Here's a minimal example to demonstrate the issue:

from autodp import privacy_calibrator, dp_bank
import numpy as np

sigma = privacy_calibrator.ana_gaussian_mech(1.0, 1e-6)['sigma']
delta = np.exp(dp_bank.get_logdelta_ana_gaussian(1.0, sigma))

1.901276833828726e-05

I expect the delta = 1e-6, but it is nearly 20X larger according to DP bank.

Thanks for the issue, Ryan!

'dp_bank.get_logdelta_ana_gaussian' has two arguments. the first should be sigma. the second should be the desired epsilon. In your implementation, it seems that you passed eps first, then delta?
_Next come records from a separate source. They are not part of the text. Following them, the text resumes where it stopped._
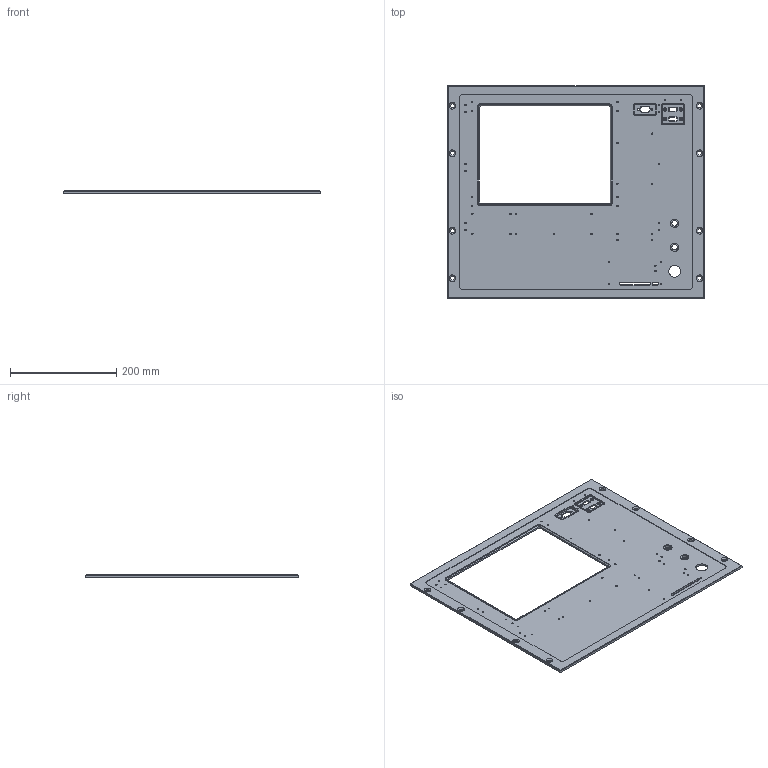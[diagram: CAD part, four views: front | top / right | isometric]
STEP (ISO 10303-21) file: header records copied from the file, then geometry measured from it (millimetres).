
FILE_DESCRIPTION (( 'STEP AP214' ), '1' );
FILE_NAME ('Pièce1.STEP', '2018-11-08T20:40:56', ( '' ), ( '' ), 'SwSTEP 2.0', 'SolidWorks 2013', '' );
FILE_SCHEMA (( 'AUTOMOTIVE_DESIGN' ));
Length unit declared in the file: millimetre
Products named in the file (1): Pièce1
Bounding box: 483 x 400 x 5 mm (x, y, z)
Volume: 591226.3 mm3; surface area: 310728.6 mm2
Topology: 1 solids, 1 shells, 334 faces, 875 edges, 555 vertices
Faces by surface type: cylinder 183, plane 102, cone 49
Entity records: 10658 total; most frequent: DIRECTION 1958, CARTESIAN_POINT 1771, ORIENTED_EDGE 1750, EDGE_CURVE 875, AXIS2_PLACEMENT_3D 750, VERTEX_POINT 555, EDGE_LOOP 480, VECTOR 458
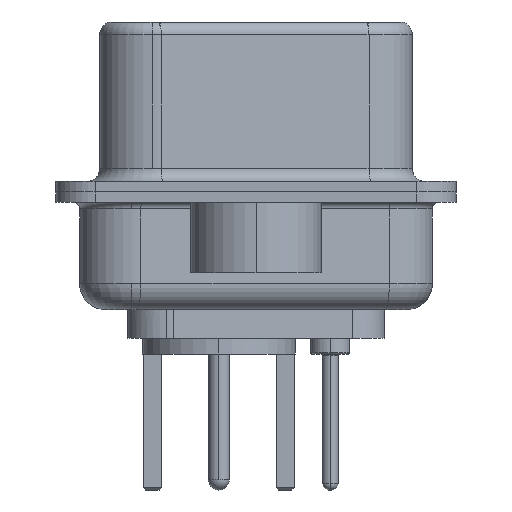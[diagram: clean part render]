
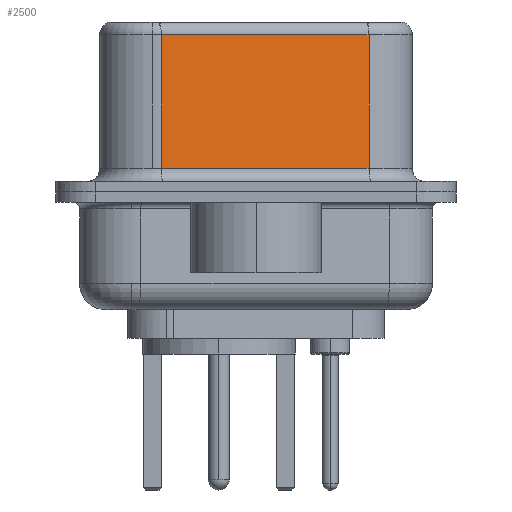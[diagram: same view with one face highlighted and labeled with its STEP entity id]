
A CAD part, left-side view. The second image highlights one B-rep face of the part: STEP entity #2500.
In plain terms, the highlighted planar face has unit normal (-0.985, -0.174, 0).
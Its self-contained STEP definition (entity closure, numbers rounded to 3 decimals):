
#200 = EDGE_CURVE ( 'NONE', #4983, #13623, #487, .T. ) ;
#487 = LINE ( 'NONE', #23179, #5428 ) ;
#2013 = CARTESIAN_POINT ( 'NONE',  ( 3.73, 3.628, 0.9 ) ) ;
#2025 = ORIENTED_EDGE ( 'NONE', *, *, #16474, .T. ) ;
#2206 = EDGE_CURVE ( 'NONE', #17944, #13623, #9378, .T. ) ;
#2500 = ADVANCED_FACE ( 'NONE', ( #3578 ), #12179, .F. ) ;
#3101 = DIRECTION ( 'NONE',  ( 0., 0., -1. ) ) ;
#3306 = VECTOR ( 'NONE', #3101, 1000. ) ;
#3507 = EDGE_CURVE ( 'NONE', #4983, #8264, #12463, .T. ) ;
#3578 = FACE_OUTER_BOUND ( 'NONE', #3760, .T. ) ;
#3760 = EDGE_LOOP ( 'NONE', ( #20757, #22716, #2025, #18211 ) ) ;
#4818 = CARTESIAN_POINT ( 'NONE',  ( 3.73, 3.628, 6.02 ) ) ;
#4983 = VERTEX_POINT ( 'NONE', #10588 ) ;
#5428 = VECTOR ( 'NONE', #17864, 1000. ) ;
#6353 = VECTOR ( 'NONE', #11248, 1000. ) ;
#8247 = LINE ( 'NONE', #8607, #3306 ) ;
#8260 = DIRECTION ( 'NONE',  ( 0.174, -0.985, 0. ) ) ;
#8264 = VERTEX_POINT ( 'NONE', #4818 ) ;
#8388 = DIRECTION ( 'NONE',  ( -0.174, 0.985, 0. ) ) ;
#8607 = CARTESIAN_POINT ( 'NONE',  ( 3.73, 3.628, 6.52 ) ) ;
#8943 = CARTESIAN_POINT ( 'NONE',  ( 5.132, -4.322, 6.52 ) ) ;
#9378 = LINE ( 'NONE', #15237, #23374 ) ;
#10584 = DIRECTION ( 'NONE',  ( 0.985, 0.174, 0. ) ) ;
#10588 = CARTESIAN_POINT ( 'NONE',  ( 5.132, -4.322, 6.02 ) ) ;
#11248 = DIRECTION ( 'NONE',  ( -0.174, 0.985, 0. ) ) ;
#12179 = PLANE ( 'NONE',  #23499 ) ;
#12463 = LINE ( 'NONE', #23232, #6353 ) ;
#13623 = VERTEX_POINT ( 'NONE', #14330 ) ;
#14330 = CARTESIAN_POINT ( 'NONE',  ( 5.132, -4.322, 0.9 ) ) ;
#15237 = CARTESIAN_POINT ( 'NONE',  ( 5.132, -4.322, 0.9 ) ) ;
#16474 = EDGE_CURVE ( 'NONE', #8264, #17944, #8247, .T. ) ;
#17864 = DIRECTION ( 'NONE',  ( 0., 0., -1. ) ) ;
#17944 = VERTEX_POINT ( 'NONE', #2013 ) ;
#18211 = ORIENTED_EDGE ( 'NONE', *, *, #2206, .T. ) ;
#20757 = ORIENTED_EDGE ( 'NONE', *, *, #200, .F. ) ;
#22716 = ORIENTED_EDGE ( 'NONE', *, *, #3507, .T. ) ;
#23179 = CARTESIAN_POINT ( 'NONE',  ( 5.132, -4.322, 6.52 ) ) ;
#23232 = CARTESIAN_POINT ( 'NONE',  ( 5.132, -4.322, 6.02 ) ) ;
#23374 = VECTOR ( 'NONE', #8260, 1000. ) ;
#23499 = AXIS2_PLACEMENT_3D ( 'NONE', #8943, #10584, #8388 ) ;

by the way, autodp.privacy_calibrator has been deprecated. I am attaching the suggested implementation using a Calibrator class.
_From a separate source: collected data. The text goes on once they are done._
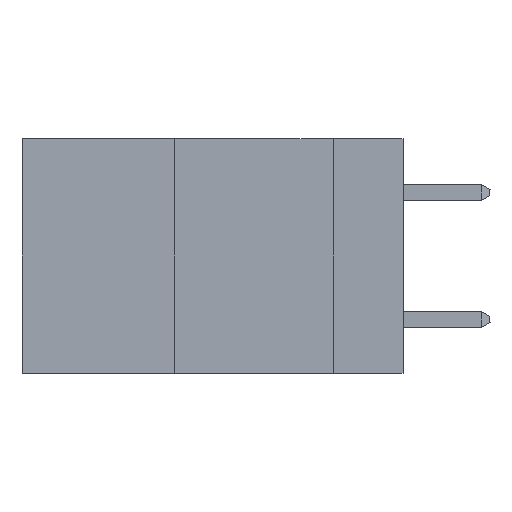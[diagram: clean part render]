
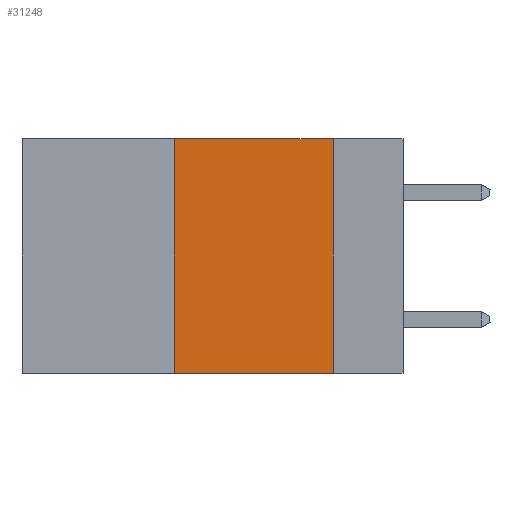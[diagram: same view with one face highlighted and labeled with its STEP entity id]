
A CAD part, left-side view. The second image highlights one B-rep face of the part: STEP entity #31248.
In plain terms, the highlighted planar face has unit normal (-1, 0, 0).
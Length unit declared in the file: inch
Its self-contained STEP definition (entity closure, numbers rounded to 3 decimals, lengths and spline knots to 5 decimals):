
#389 = EDGE_CURVE ( 'NONE', #29451, #19774, #22437, .T. ) ;
#2102 = VERTEX_POINT ( 'NONE', #19098 ) ;
#2444 = VECTOR ( 'NONE', #16037, 39.37008 ) ;
#3311 = EDGE_CURVE ( 'NONE', #29451, #2102, #20508, .T. ) ;
#3586 = CARTESIAN_POINT ( 'NONE',  ( 0., 0.6, -0.37 ) ) ;
#7242 = PLANE ( 'NONE',  #10962 ) ;
#7568 = EDGE_LOOP ( 'NONE', ( #32578, #15729, #8677, #19897 ) ) ;
#8517 = EDGE_CURVE ( 'NONE', #19774, #18169, #35375, .T. ) ;
#8677 = ORIENTED_EDGE ( 'NONE', *, *, #389, .F. ) ;
#10114 = EDGE_CURVE ( 'NONE', #18169, #2102, #35650, .T. ) ;
#10166 = DIRECTION ( 'NONE',  ( 0., 0., 1. ) ) ;
#10962 = AXIS2_PLACEMENT_3D ( 'NONE', #26836, #32061, #21080 ) ;
#12675 = CARTESIAN_POINT ( 'NONE',  ( 0., 0.11, 0. ) ) ;
#12717 = VECTOR ( 'NONE', #33849, 39.37008 ) ;
#13772 = CARTESIAN_POINT ( 'NONE',  ( 0., 0.36, -0.37 ) ) ;
#15729 = ORIENTED_EDGE ( 'NONE', *, *, #8517, .F. ) ;
#16037 = DIRECTION ( 'NONE',  ( 0., 0., -1. ) ) ;
#18169 = VERTEX_POINT ( 'NONE', #12675 ) ;
#19098 = CARTESIAN_POINT ( 'NONE',  ( 0., 0.11, -0.37 ) ) ;
#19774 = VERTEX_POINT ( 'NONE', #28045 ) ;
#19897 = ORIENTED_EDGE ( 'NONE', *, *, #3311, .T. ) ;
#20508 = LINE ( 'NONE', #3586, #12717 ) ;
#20703 = VECTOR ( 'NONE', #25062, 39.37008 ) ;
#21080 = DIRECTION ( 'NONE',  ( 0., 0., -1. ) ) ;
#22429 = CARTESIAN_POINT ( 'NONE',  ( 0., 0.6, 0. ) ) ;
#22437 = LINE ( 'NONE', #34906, #27610 ) ;
#25062 = DIRECTION ( 'NONE',  ( 0., -1., 0. ) ) ;
#25067 = CARTESIAN_POINT ( 'NONE',  ( 0., 0.11, 0. ) ) ;
#26605 = FACE_OUTER_BOUND ( 'NONE', #7568, .T. ) ;
#26836 = CARTESIAN_POINT ( 'NONE',  ( 0., 0.6, 0. ) ) ;
#27610 = VECTOR ( 'NONE', #10166, 39.37008 ) ;
#28045 = CARTESIAN_POINT ( 'NONE',  ( 0., 0.36, 0. ) ) ;
#29451 = VERTEX_POINT ( 'NONE', #13772 ) ;
#31248 = ADVANCED_FACE ( 'NONE', ( #26605 ), #7242, .F. ) ;
#32061 = DIRECTION ( 'NONE',  ( 1., 0., 0. ) ) ;
#32578 = ORIENTED_EDGE ( 'NONE', *, *, #10114, .F. ) ;
#33849 = DIRECTION ( 'NONE',  ( 0., -1., 0. ) ) ;
#34906 = CARTESIAN_POINT ( 'NONE',  ( 0., 0.36, 0. ) ) ;
#35375 = LINE ( 'NONE', #22429, #20703 ) ;
#35650 = LINE ( 'NONE', #25067, #2444 ) ;

Thanks for the quick response @yuxiangw, makes sense now! I'm still seeing some discrepancies for large epsilon, however:

def predicted_delta(epsilon, target_delta = 1e-6):
  try:
    calibrate = calibrator_zoo.ana_gaussian_calibrator()
    GM = calibrate(mechanism_zoo.GaussianMechanism, epsilon, target_delta)
    sigma = GM.params['sigma']
    return np.exp(dp_bank.get_logdelta_ana_gaussian(sigma, epsilon))
  except:
    return np.nan

epsilons = np.logspace(-10, 10, base=2, num=21)
predicted_deltas = [predicted_delta(eps) for eps in epsilons]
plt.plot([1/1024, 1024], [1e-6, 1e-6], 'k--', label='Target Delta')
plt.plot(epsilons, predicted_deltas, 'o', label='Actual Delta')
plt.xscale('log')
plt.xlabel('Epsilon')
plt.ylabel('Delta')
plt.legend()

hmmmm... sorry it took me a long while to get back to you on this. I don't yet know the root cause of this, but it might be due the stopping condition for the numerical computation. Yuqing or I will try to look into this, but before that... did you manage to figure out the issue? Do you want to contribute a fix to make it more stable for large epsilons?